I bought some little tiny canvases to try out painting... but I have a feeling that I'm more of a multimedia artist. I've been checking out blogland for some ideas... and here is my favorite so far...

Nichola at Pixie Hill is starting something called "Make A Mess Monday"... and I'm in! Today she's talking about the power of words (right up my alley sister!)... and as I was cleaning this weekend I ran across a really ratty copy of a magazine from 1920 that a friend had given me years ago... and it had some perfect stuff in it... let me show you!!! (Oh... and I really have no idea where all of this is going... I don't know what the project is, but I can tell you that I just know it's gonna be fun!!!).

There were entire poems that I cut out... not knowing if I'd want to use the whole thing or just part of one... (this looks like a poetry contest... they all have the same title... and they're by children!).
And it wasn't just words... the PICTURES!

Oh... now if I only had ANY idea of what to do with them!!!
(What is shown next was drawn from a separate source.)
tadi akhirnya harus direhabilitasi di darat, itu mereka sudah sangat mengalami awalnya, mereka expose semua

Wednesday, February 23, 2011

Back to the point...

Ahhh.... spiritual path... right. That's why I started this blog. Mmmhmm. Well, let's get back to that, shall we? (Although I will update you on the school stuff... at some point when I have real news).

(My four-year-old wrote this: "I love all fairies")
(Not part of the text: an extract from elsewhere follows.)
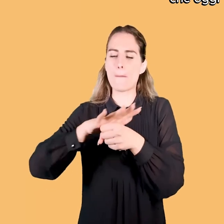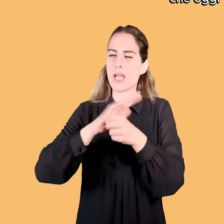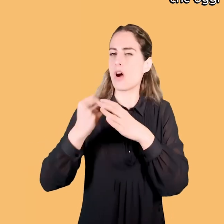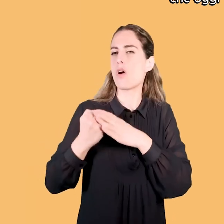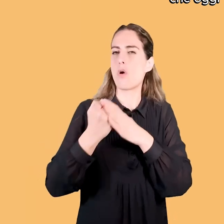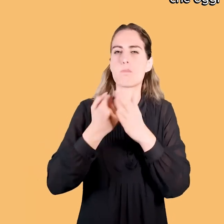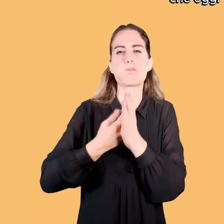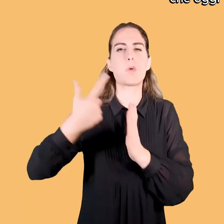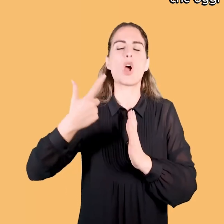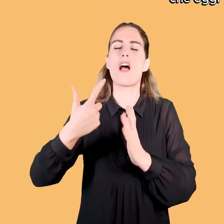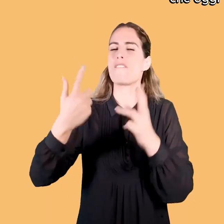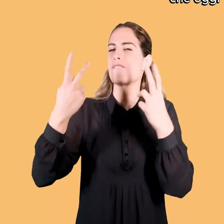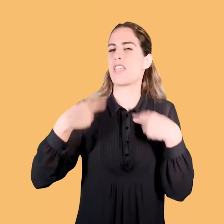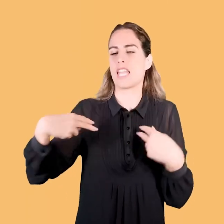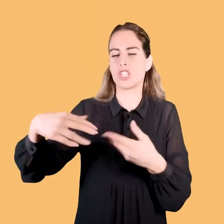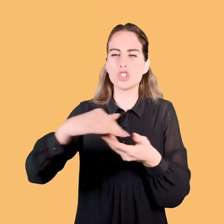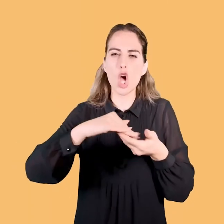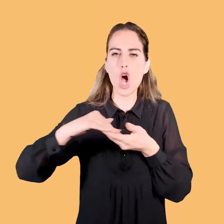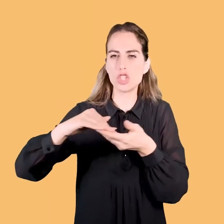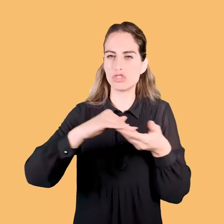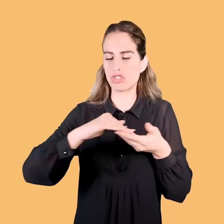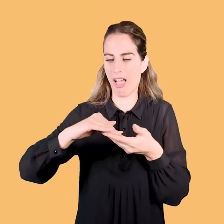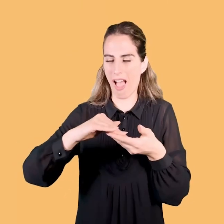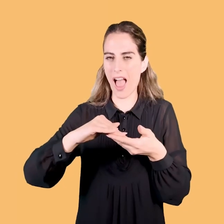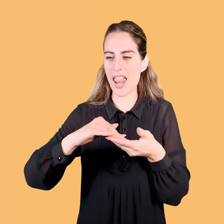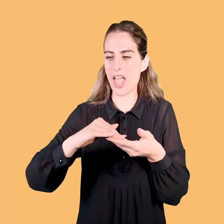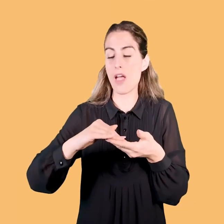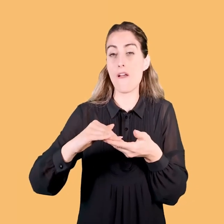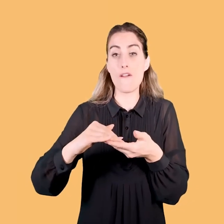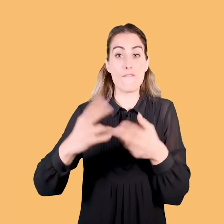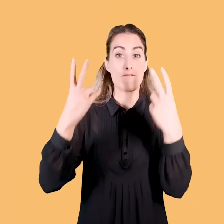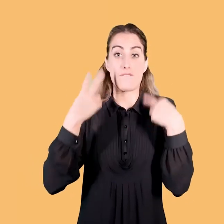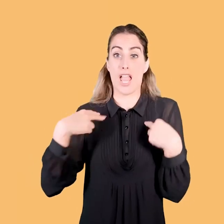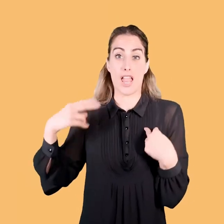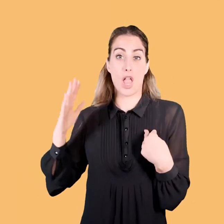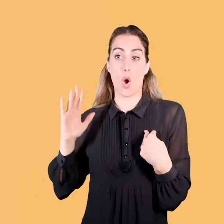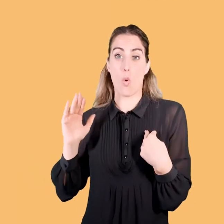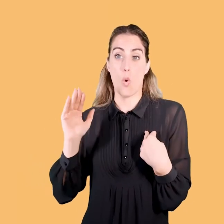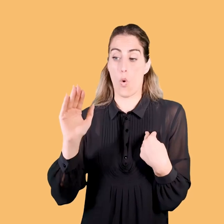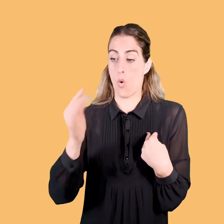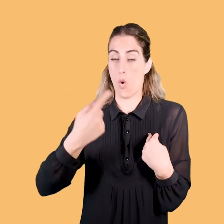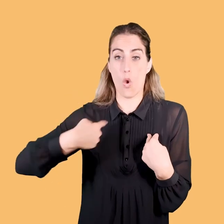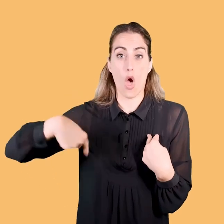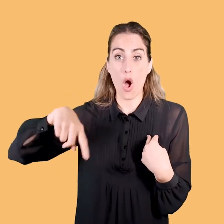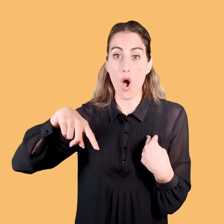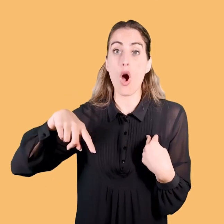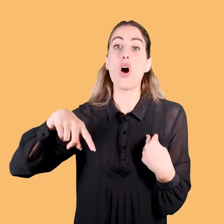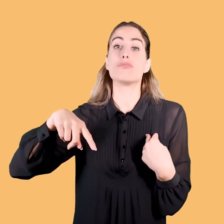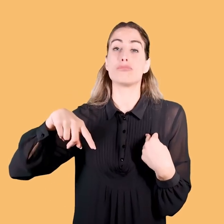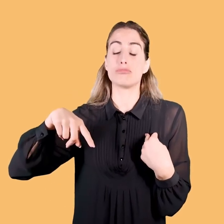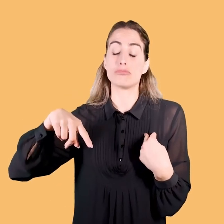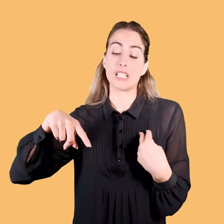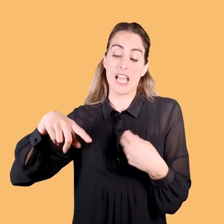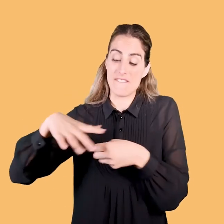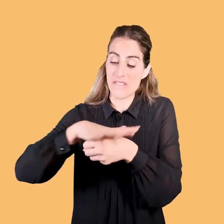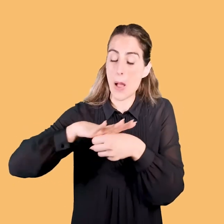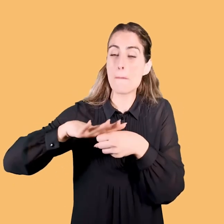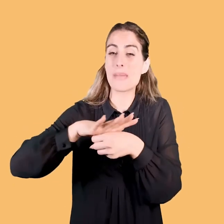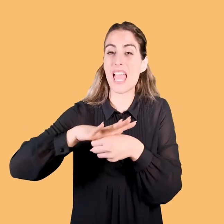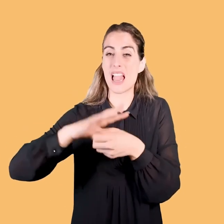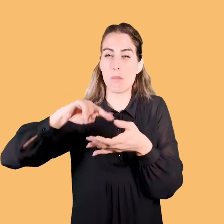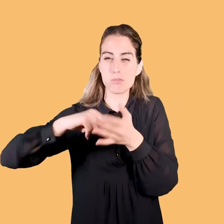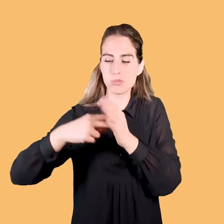del nostro vivere sociale che oggi ha nella nostra vita quotidiana stride, comincia a

I've always believed in fairies in some removed sort of way. I guess, it's that I've always WANTED to believe in fairies. As a kid, often, these "fantasies" get turned off. Peers, and sometimes parents, don't want to hear about it... they want to live in "reality" and want you there with them... and it just feels safer not to acknowledge that desire and ability to see things that are not easily seen. After all, we depend on these people to fill all kinds of needs, and if they say that fairies don't exist, then we need to go along with it, right?
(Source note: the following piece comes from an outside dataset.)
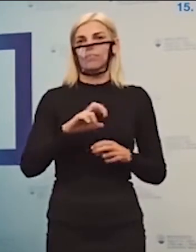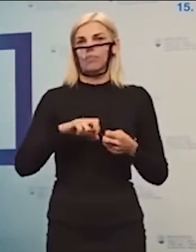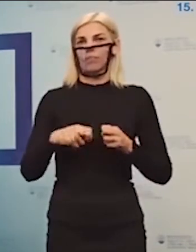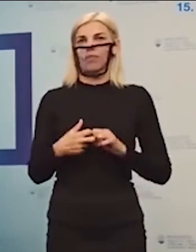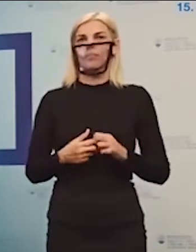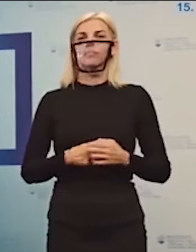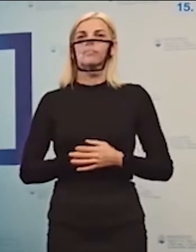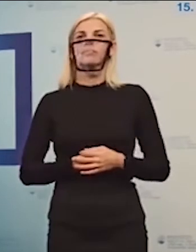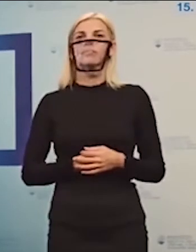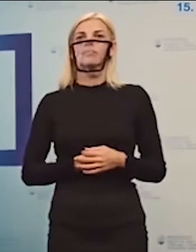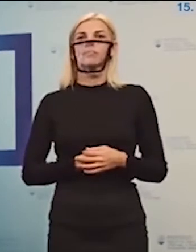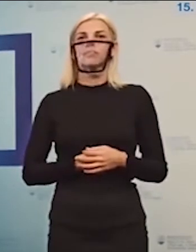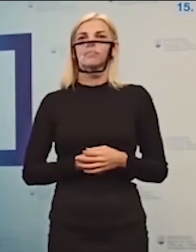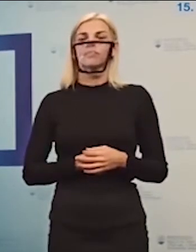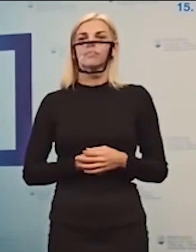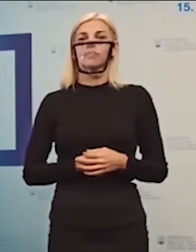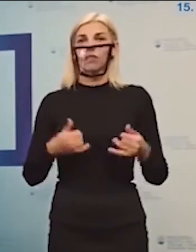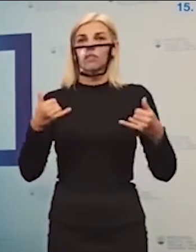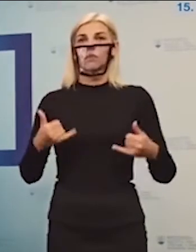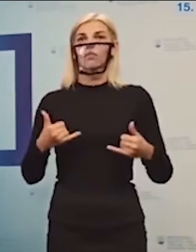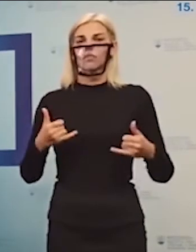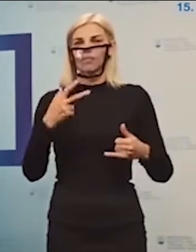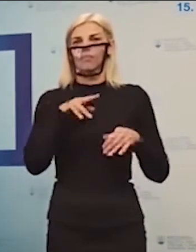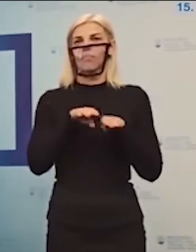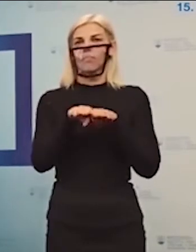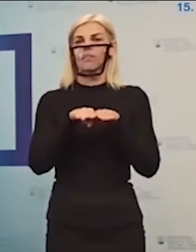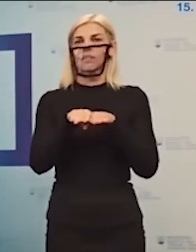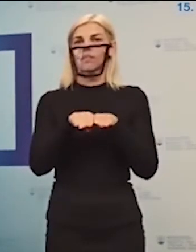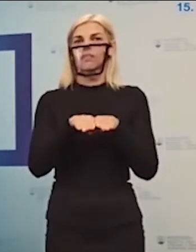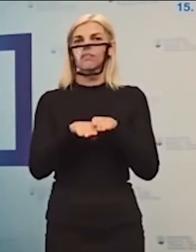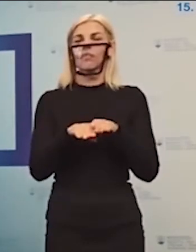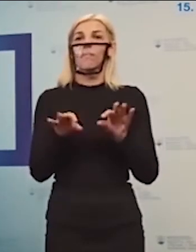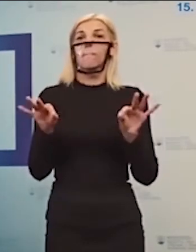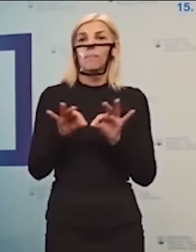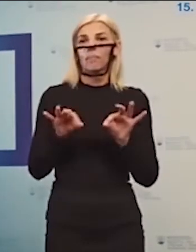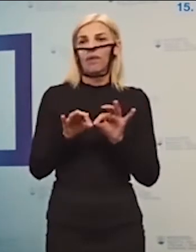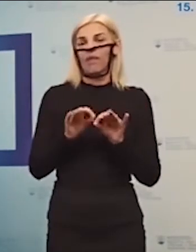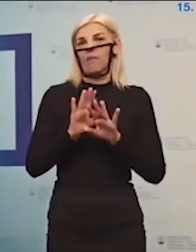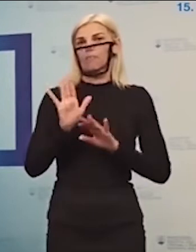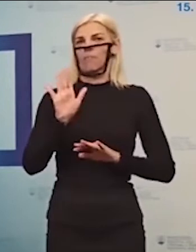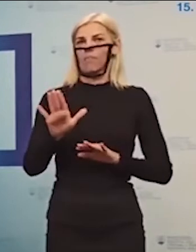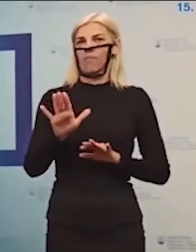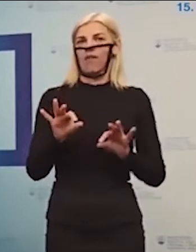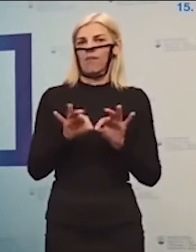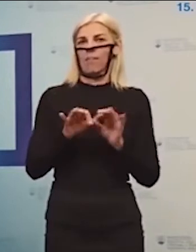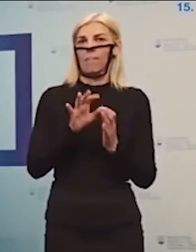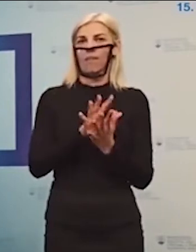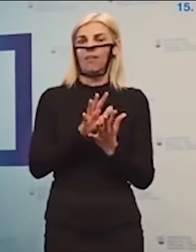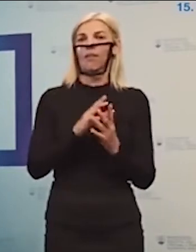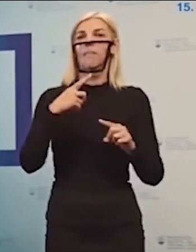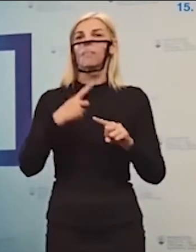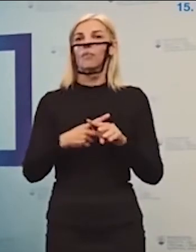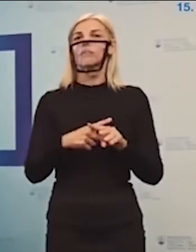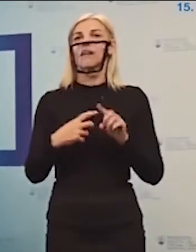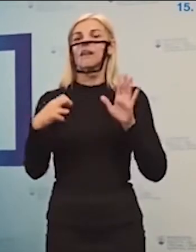mať. V súčasnosti už ministerstvo, poviem, že pripravuje alebo má už pripravené a bude ho naplňať aj register

But, lately... I've read a few really inspiring blogs... encouraged my children to believe, and looked into gardening with the nature spirits... and I just really DO think they're out there. I haven't seen one yet, but I've seen lots of evidence that they are in my yard and my house... interacting with me even. Just today, I was looking for something... went round and round the house opening closets and cupboards... sure it was there SOMEWHERE. I stopped, thinking, and looked down, and there on the floor were two shiny stars. I was sure they had not been there when I came by looking earlier... so I opened the closet they lay right next to, and.... holy smokes... THERE IT WAS! I know it was a sign...

So, in honor of our new interactive relationship... knowing that we're possibly getting the first snow in 35 years this weekend, I thought I'd set up a little refuge for the fairies. It's not much right now, but a work in progress.

Do you know the fairies at your house?

Monday, February 14, 2011

Doubts

So my book came... The No-Fault Classroom... and though I love the theory, in trying a No-Fault home I'm finding it difficult to put into practice. I've started with the kids... it works beautifully with my 6yo, but my 4yo is a whole separate personality type... and cooperative does not appear in her discourse. It's shaking my confidence in cooperation... and especially in introducing it into the classroom. I really want things to get better. This is going to take a lot of work on my part... and I don't have a lot of energy for it... I'm done tapped out fellas. Yet, all of the unhappiness and stress around here is working my nerves... I just don't understand why people can't just get along. Why can't we tell when it's something important and when it's not... why can't anyone else in my house be committed to this so that I don't have to do it alone... I just feel overwhelmed by totally revamping communication among four people TOTALLY alone.

So how in the WORLD would I do that for 27 people in a classroom?

Oh yeah... and Happy Valentine's Day. LOL... I'm such a scrooge...

Saturday, February 5, 2011

Happy Imbolc season

I missed it... I just did. There's a lot going on, and I don't feel particularly strongly about Imbolc. I have been thinking more about Hestia lately, though, so maybe I'm with the season anyway. We've also had unseasonably warm weather here so the signs of Spring are out there. The rains we had a few weeks ago ended with this... and it's been beautiful weather ever since...

And the trees have taken this to heart. Our acacia is blooming prolifically (as it always does when we have a wet early winter and then the sun comes out)...

One of my pluot trees has also decided that it's spring. This is unfortunate, as this tree is scheduled to be moved on Monday because we're doing some work on our house and I don't trust the construction guys to value my trees the way I do.

So, there we are... the garden is awakening. I feel like I missed winter all together... in fact, my season table suggests that's true... as it's still decorated for autumn. Guess I best get a move on...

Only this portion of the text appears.